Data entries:
►
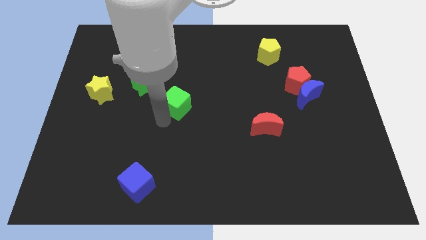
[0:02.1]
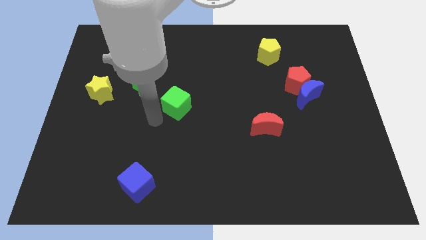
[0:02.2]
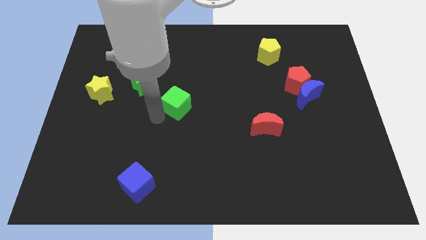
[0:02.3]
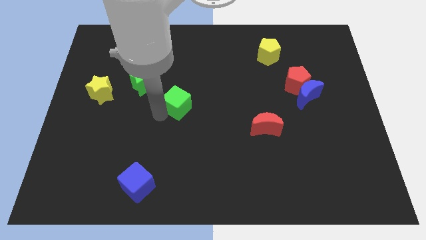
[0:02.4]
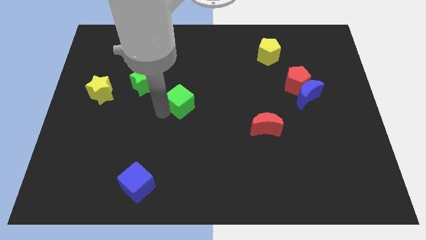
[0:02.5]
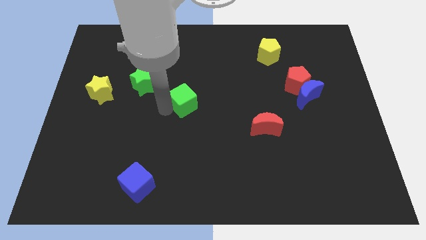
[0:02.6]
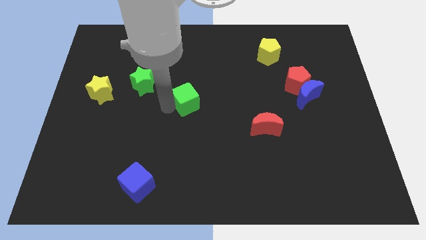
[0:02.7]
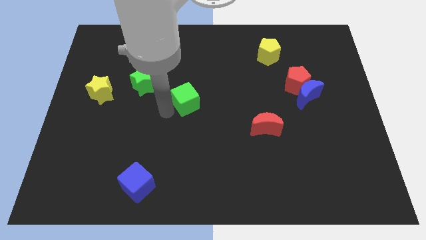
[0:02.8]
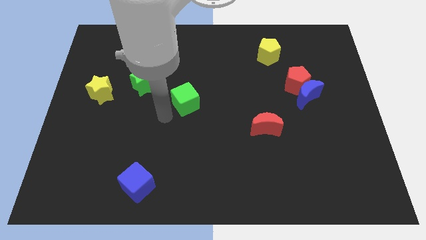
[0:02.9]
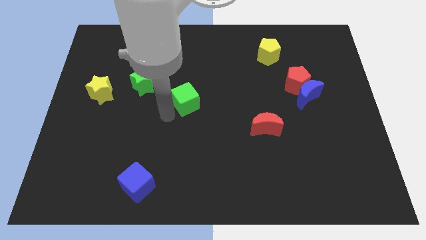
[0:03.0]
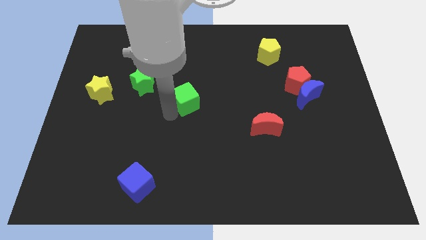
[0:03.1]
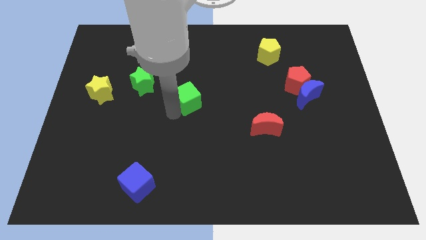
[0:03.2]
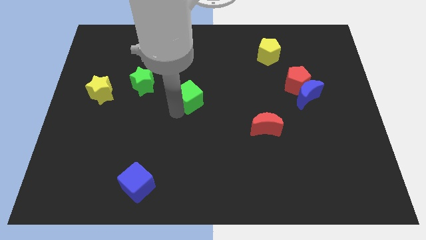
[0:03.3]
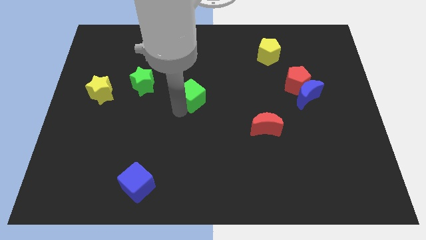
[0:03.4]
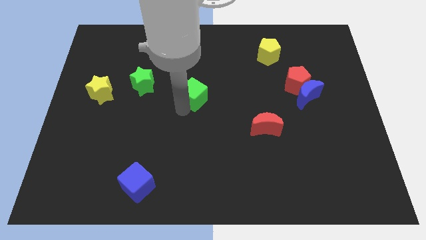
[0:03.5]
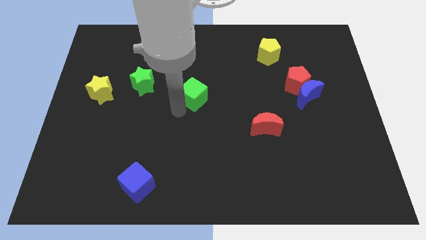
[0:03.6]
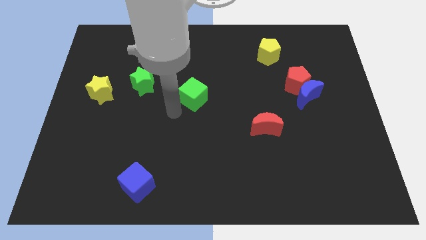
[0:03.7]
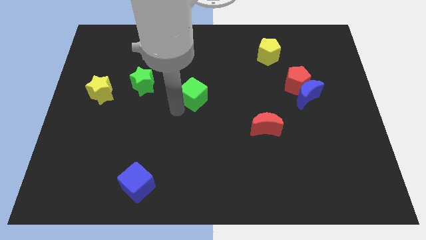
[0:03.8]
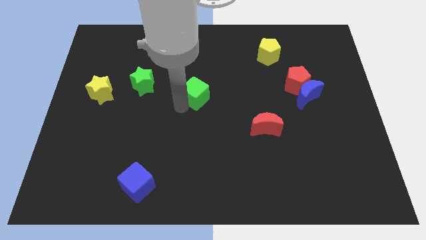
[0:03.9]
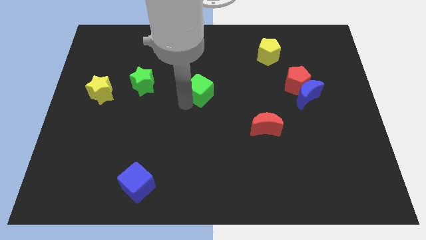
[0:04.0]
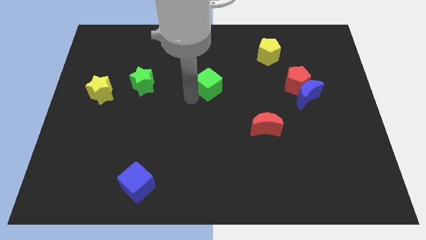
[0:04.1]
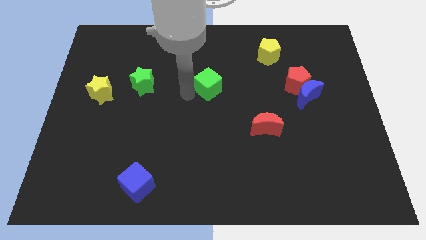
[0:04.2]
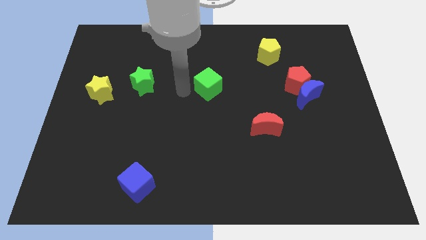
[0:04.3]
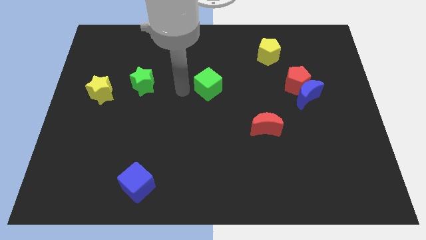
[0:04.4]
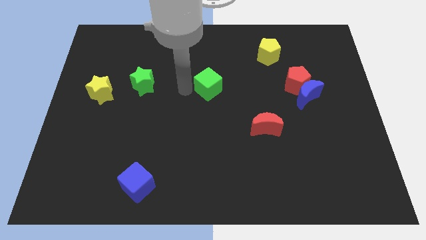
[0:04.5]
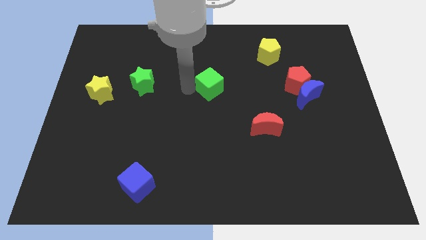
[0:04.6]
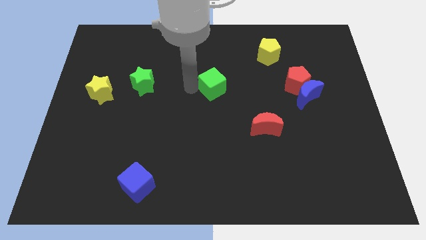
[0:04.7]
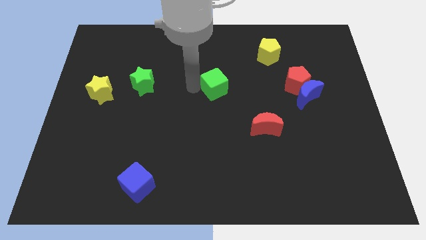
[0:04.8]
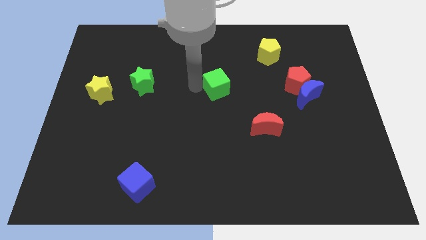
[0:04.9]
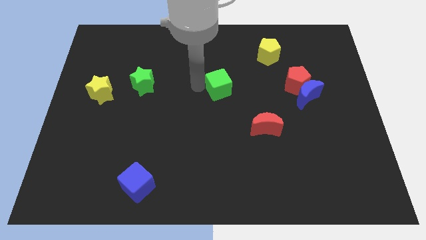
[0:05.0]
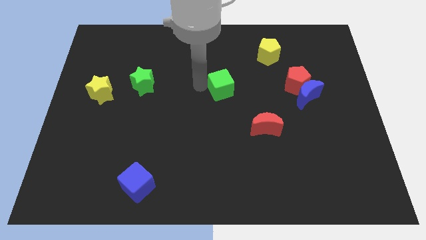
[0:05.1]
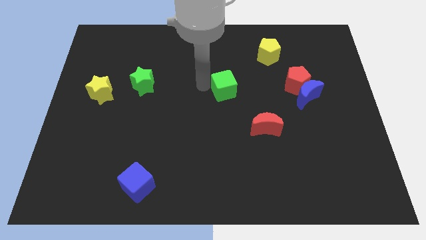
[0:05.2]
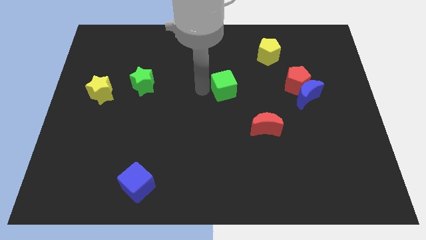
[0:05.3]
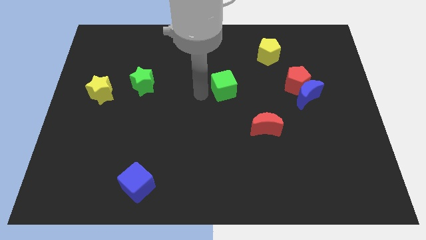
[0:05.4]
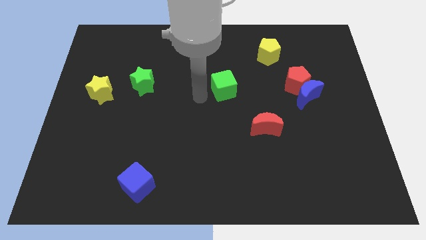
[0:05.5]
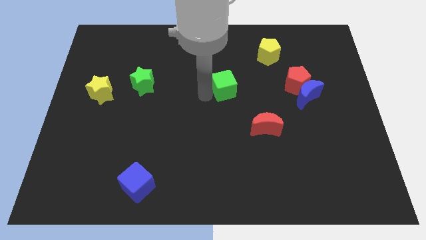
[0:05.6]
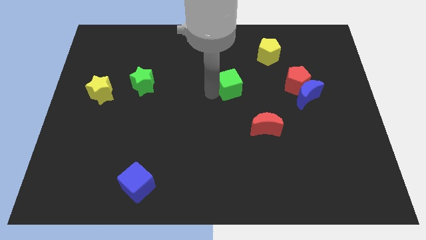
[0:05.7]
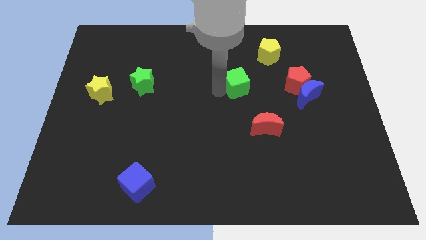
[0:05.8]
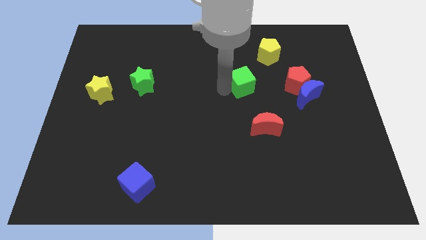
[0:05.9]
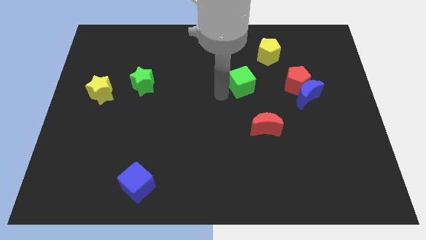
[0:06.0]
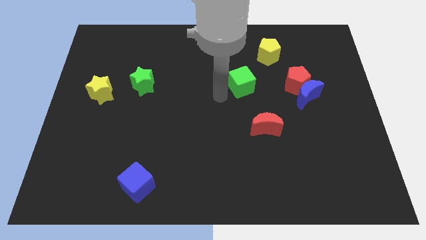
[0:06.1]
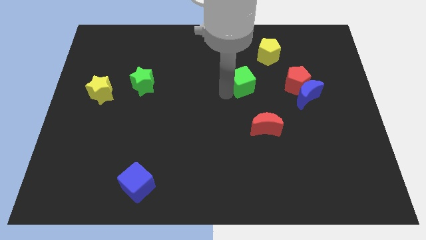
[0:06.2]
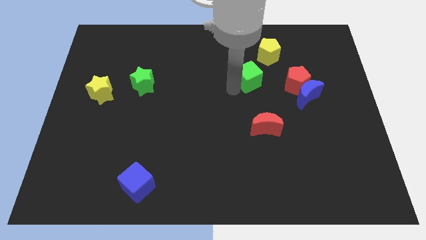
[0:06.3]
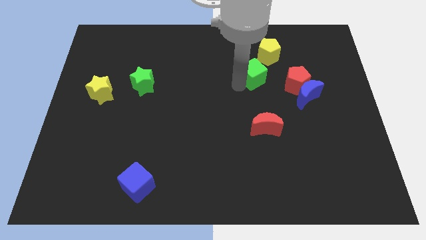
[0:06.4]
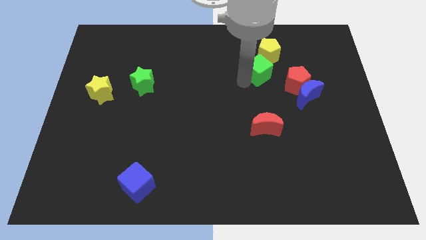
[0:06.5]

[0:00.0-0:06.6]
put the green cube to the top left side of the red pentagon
◄
:: INSTRUCTIONS TO FOLLOW ::
What you give back must be the data above, reproduced exactly and free of pictures.

:: SOLUTION TO THIS PROBLEM ::
[0:02.1]
[0:02.2]
[0:02.3]
[0:02.4]
[0:02.5]
[0:02.6]
[0:02.7]
[0:02.8]
[0:02.9]
[0:03.0]
[0:03.1]
[0:03.2]
[0:03.3]
[0:03.4]
[0:03.5]
[0:03.6]
[0:03.7]
[0:03.8]
[0:03.9]
[0:04.0]
[0:04.1]
[0:04.2]
[0:04.3]
[0:04.4]
[0:04.5]
[0:04.6]
[0:04.7]
[0:04.8]
[0:04.9]
[0:05.0]
[0:05.1]
[0:05.2]
[0:05.3]
[0:05.4]
[0:05.5]
[0:05.6]
[0:05.7]
[0:05.8]
[0:05.9]
[0:06.0]
[0:06.1]
[0:06.2]
[0:06.3]
[0:06.4]
[0:06.5]

[0:00.0-0:06.6]
put the green cube to the top left side of the red pentagon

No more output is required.